On 4/1/19 7:09 PM, Alexander Duyck wrote:
> On Tue, 2019-03-26 at 15:30 +0000, Dmitry Safonov wrote:
>> Unfortunately, MAX_WORK at this moment is broken: during
>> trie_rebalance() climbing upwards resize() is being called for each
>> tnode. Which makes the limit useless the bigger trie gets: at each level
>> there are 10 attempts to balance tnode and childs, resulting in
>> O(10^n + 10^{n-1} + ... 10^{n-k}) complexity to balance trie, where k - is
>> the level where we changed the trie originally (adding/removing
>> alias/route).
>>
>> Which results in the following price of removing one route under big
>> trie (similar for some other single routes that results in reallocating
>> tnodes by hitting the threshold limits for halve/inflate resize):
> 
> The info below doesn't really tell us the price. It might be useful if
> you could just time the removal of that one route and provide that
> information.

Yes, well, that was an attempt to point that MAX_WORK in the current
state doesn't limit much complexity to balance trie.

So, most of the time (up to a couple of seconds) is spent on
synchronise_rcu() (which was addressed by 4/4 and a patch from David
Ahern in -next).

But I thought fixing max_work is also worth attention, regardless the
fix for synchronising rcu. And playing with the sysctl limit that is
provided by the patch, I've found out that even with 4/4 applied one can
tune this sysctl knob the way that results in dividing the work between
consecutive route manipulations. So that on a 4-core switch the time
spent to add a route in maximum was more than a second and adjusting
work limit can bring it down to 300msec in max. Though, the total time
spent to add the whole route table was the same.
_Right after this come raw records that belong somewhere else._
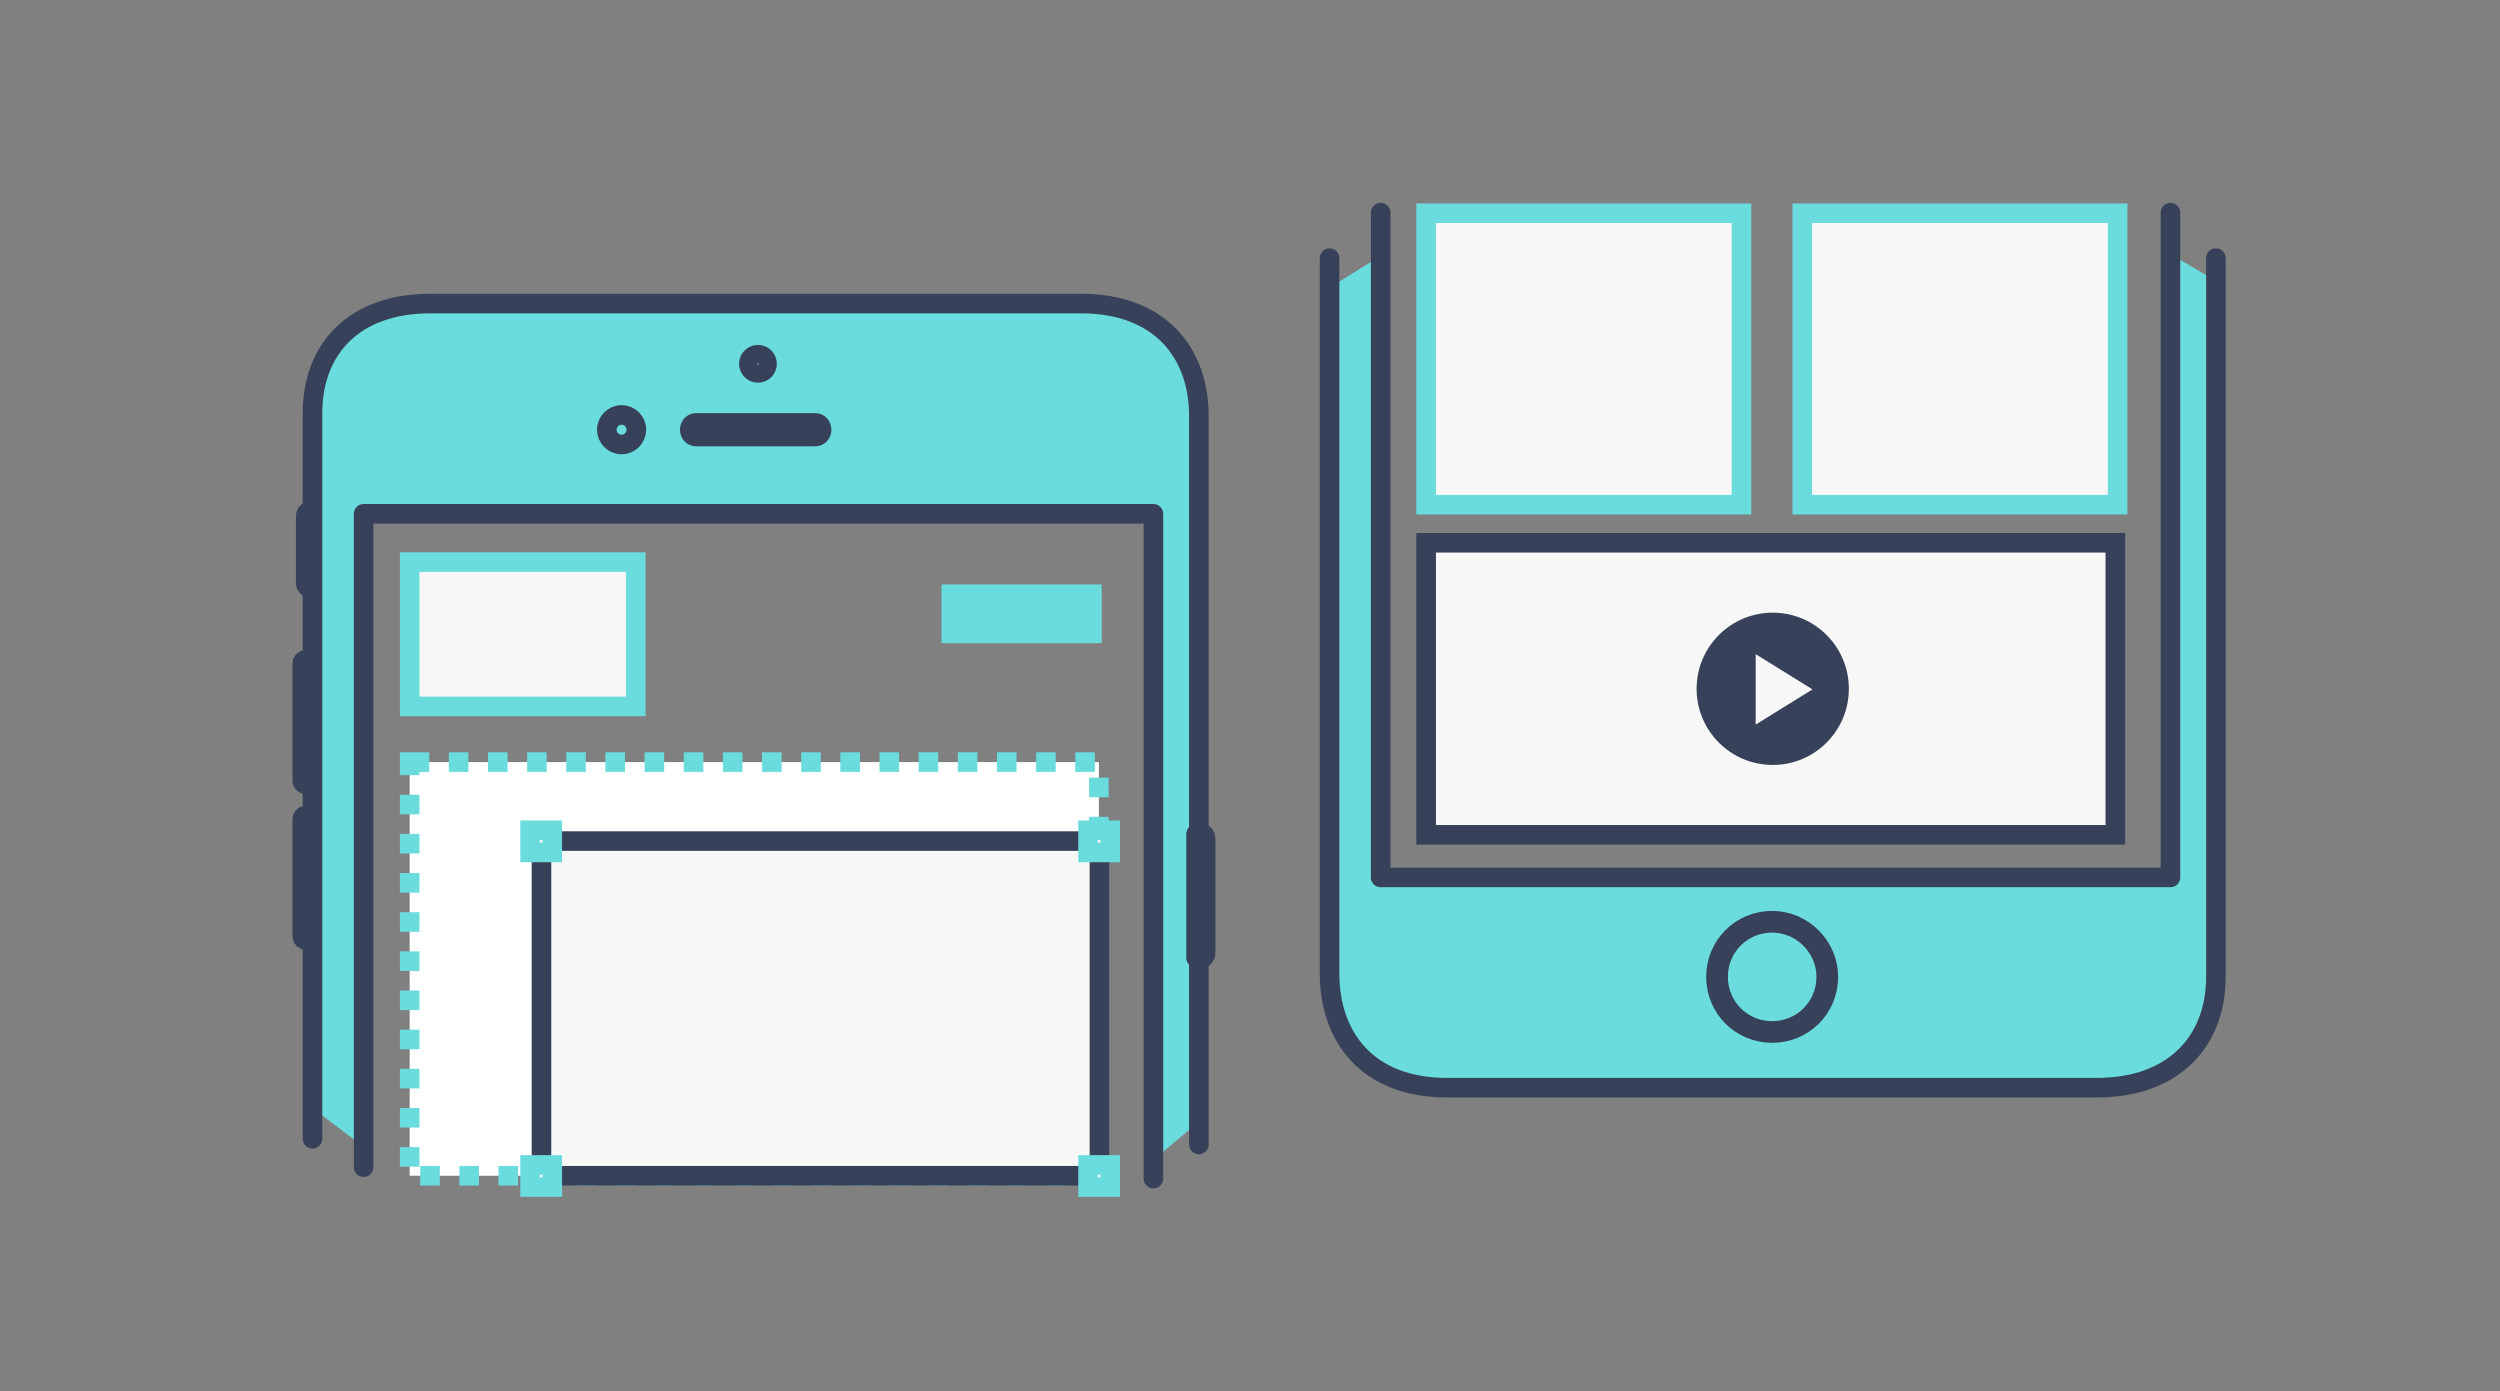 <?xml version="1.0" encoding="utf-8"?>
<!-- Generator: Adobe Illustrator 16.0.0, SVG Export Plug-In . SVG Version: 6.00 Build 0)  -->
<!DOCTYPE svg PUBLIC "-//W3C//DTD SVG 1.1//EN" "http://www.w3.org/Graphics/SVG/1.1/DTD/svg11.dtd">
<svg version="1.1" id="Layer_1" xmlns="http://www.w3.org/2000/svg" xmlns:xlink="http://www.w3.org/1999/xlink" x="0px" y="0px"
	 width="255.4px" height="142.129px" viewBox="0 0 255.4 142.129" enable-background="new 0 0 255.4 142.129" xml:space="preserve">
<rect x="0" y="0" width="255.4" height="142.129" fill="#808080" stroke="none"/>
<path fill="#6ADCDD" d="M221.733,25.963v63.676H141.05v-63.5l-5.224,3.25V99.45c0,6.559,3.946,11.666,11.957,11.666h66.462
	c7.836,0,12.132-4.761,12.132-11.318V28.692L221.733,25.963z"/>
<g>
	<g>
		<path fill="#6ADCDD" d="M37.149,52.49h80.684v65.999l4.645-3.889V42.506c0-6.559-4.063-11.493-12.017-11.493H43.94
			c-7.778,0-12.017,4.644-12.017,11.203v70.989l5.225,3.947L37.149,52.49L37.149,52.49z"/>
		<path fill="none" stroke="#374159" stroke-width="2" stroke-linecap="round" stroke-linejoin="round" stroke-miterlimit="10" d="
			M122.476,116.92V42.506c0-6.559-4.063-11.493-12.017-11.493H43.94c-7.778,0-12.017,4.644-12.017,11.203v74.124 M37.149,119.243
			V52.49h80.684v67.915"/>
		
			<circle fill="none" stroke="#374159" stroke-width="2" stroke-linecap="round" stroke-linejoin="round" stroke-miterlimit="10" cx="77.433" cy="37.167" r="0.929"/>
		<path fill="none" stroke="#374159" stroke-width="2" stroke-linecap="round" stroke-linejoin="round" stroke-miterlimit="10" d="
			M71.106,44.596c-0.35,0-0.64-0.29-0.64-0.697c0-0.406,0.29-0.696,0.64-0.696h12.188c0.349,0,0.64,0.29,0.64,0.696
			c0,0.407-0.291,0.697-0.64,0.697H71.106z"/>
		
			<circle fill="none" stroke="#374159" stroke-width="2" stroke-linecap="round" stroke-linejoin="round" stroke-miterlimit="10" cx="63.502" cy="43.9" r="1.509"/>
		<path fill="none" stroke="#374159" stroke-width="2" stroke-linecap="round" stroke-linejoin="round" stroke-miterlimit="10" d="
			M31.577,52.258c-0.174,0-0.348,0.232-0.348,0.464v6.849c0,0.232,0.174,0.464,0.348,0.464V52.258z"/>
		<path fill="none" stroke="#374159" stroke-width="2" stroke-linecap="round" stroke-linejoin="round" stroke-miterlimit="10" d="
			M31.577,67.408h-0.348c-0.174,0-0.349,0.174-0.349,0.348v12.016c0,0.174,0.175,0.349,0.349,0.349h0.348V67.408z"/>
		<path fill="none" stroke="#374159" stroke-width="2" stroke-linecap="round" stroke-linejoin="round" stroke-miterlimit="10" d="
			M31.577,83.312h-0.348c-0.174,0-0.349,0.174-0.349,0.349v12.017c0,0.174,0.175,0.348,0.349,0.348h0.348V83.312z"/>
		
			<path fill="#B9B0C0" stroke="#374159" stroke-width="2.215" stroke-linecap="round" stroke-linejoin="round" stroke-miterlimit="10" d="
			M122.708,85.229h-0.407v12.596h0.407c0.174,0,0.349-0.231,0.349-0.465V85.691C123.057,85.46,122.94,85.229,122.708,85.229z"/>
	</g>
	
		<rect x="41.851" y="57.424" fill="#F7F7F7" stroke="#6ADCDD" stroke-width="2" stroke-miterlimit="10" width="23.103" height="14.744"/>
	
		<rect x="41.851" y="77.855" fill="#FFFFFF" stroke="#6ADCDD" stroke-width="2" stroke-miterlimit="10" stroke-dasharray="2,2" width="70.41" height="42.258"/>
	
		<rect x="55.317" y="85.924" fill="#F7F7F7" stroke="#374159" stroke-width="2" stroke-miterlimit="10" width="57.001" height="34.189"/>
	<line fill="none" stroke="#6ADCDD" stroke-width="6" stroke-miterlimit="10" x1="112.55" y1="62.707" x2="96.182" y2="62.707"/>
	
		<rect x="54.156" y="84.822" fill="#FFFFFF" stroke="#6ADCDD" stroke-width="2" stroke-miterlimit="10" width="2.264" height="2.264"/>
	
		<rect x="54.156" y="119.01" fill="#FFFFFF" stroke="#6ADCDD" stroke-width="2" stroke-miterlimit="10" width="2.264" height="2.264"/>
	
		<rect x="111.157" y="84.822" fill="#FFFFFF" stroke="#6ADCDD" stroke-width="2" stroke-miterlimit="10" width="2.264" height="2.264"/>
	
		<rect x="111.157" y="119.01" fill="#FFFFFF" stroke="#6ADCDD" stroke-width="2" stroke-miterlimit="10" width="2.264" height="2.264"/>
</g>
<g>
	<g>
		<path fill="none" stroke="#374159" stroke-width="2" stroke-linecap="round" stroke-linejoin="round" stroke-miterlimit="10" d="
			M135.827,26.37v73.08c0,6.559,3.946,11.666,11.957,11.666h66.462c7.836,0,12.132-4.761,12.132-11.318V26.37 M221.733,21.726
			v67.913H141.05V21.726"/>
		<path fill="#C3D6EA" d="M187.196,99.797c0,3.426-2.785,6.152-6.152,6.152c-3.425,0-6.151-2.785-6.151-6.152
			c0-3.425,2.785-6.152,6.151-6.152C184.411,93.645,187.196,96.373,187.196,99.797"/>
		
			<path fill="#6ADCDD" stroke="#374159" stroke-width="2.215" stroke-linecap="round" stroke-linejoin="round" stroke-miterlimit="10" d="
			M186.675,99.797c0,3.135-2.495,5.631-5.631,5.631c-3.135,0-5.631-2.496-5.631-5.631s2.496-5.631,5.631-5.631
			C184.12,94.167,186.675,96.721,186.675,99.797"/>
	</g>
	
		<rect x="145.694" y="55.451" fill="#F7F7F7" stroke="#374159" stroke-width="2" stroke-miterlimit="10" width="70.409" height="29.835"/>
	
		<rect x="145.694" y="21.784" fill="#F7F7F7" stroke="#6ADCDD" stroke-width="2" stroke-miterlimit="10" width="32.215" height="29.777"/>
	
		<rect x="184.12" y="21.784" fill="#F7F7F7" stroke="#6ADCDD" stroke-width="2" stroke-miterlimit="10" width="32.216" height="29.777"/>
</g>
<path fill="#374159" d="M181.103,62.59c-4.296,0-7.778,3.483-7.778,7.778c0,4.295,3.482,7.778,7.778,7.778
	c4.295,0,7.776-3.482,7.776-7.778C188.88,66.073,185.397,62.59,181.103,62.59z M179.36,74.025v-7.197l5.805,3.599L179.36,74.025z"/>
</svg>

I will provide more details for v2.

> 
>> Before:
>>    Basic info: size of leaf: 40 bytes, size of tnode: 40 bytes.
>>    Main:
>>            Aver depth:     1.99
>>            Max depth:      2
>>            Leaves:         77825
>>            Prefixes:       77825
>>            Internal nodes: 77
>>              9: 1  10: 76
>>            Pointers: 78336
>>    Null ptrs: 435
>>    Total size: 7912  kB
>>    Local:
>>    [omitted]
>>
>> After:
>>    Basic info: size of leaf: 40 bytes, size of tnode: 40 bytes.
>>    Main:
>>            Aver depth:     3.00
>>            Max depth:      3
>>            Leaves:         77824
>>            Prefixes:       77824
>>            Internal nodes: 20491
>>              1: 2048  2: 18432  6: 1  11: 10
>>            Pointers: 98368
>>    Null ptrs: 54
>>    Total size: 8865  kB
>>    Local:
>>    [omitted]
>>
> 
> Is this before/after the patch, or just before/after the removal of the
> one route? I assume you are are just talking about the one route since
> the number of prefixes has dropped by 1.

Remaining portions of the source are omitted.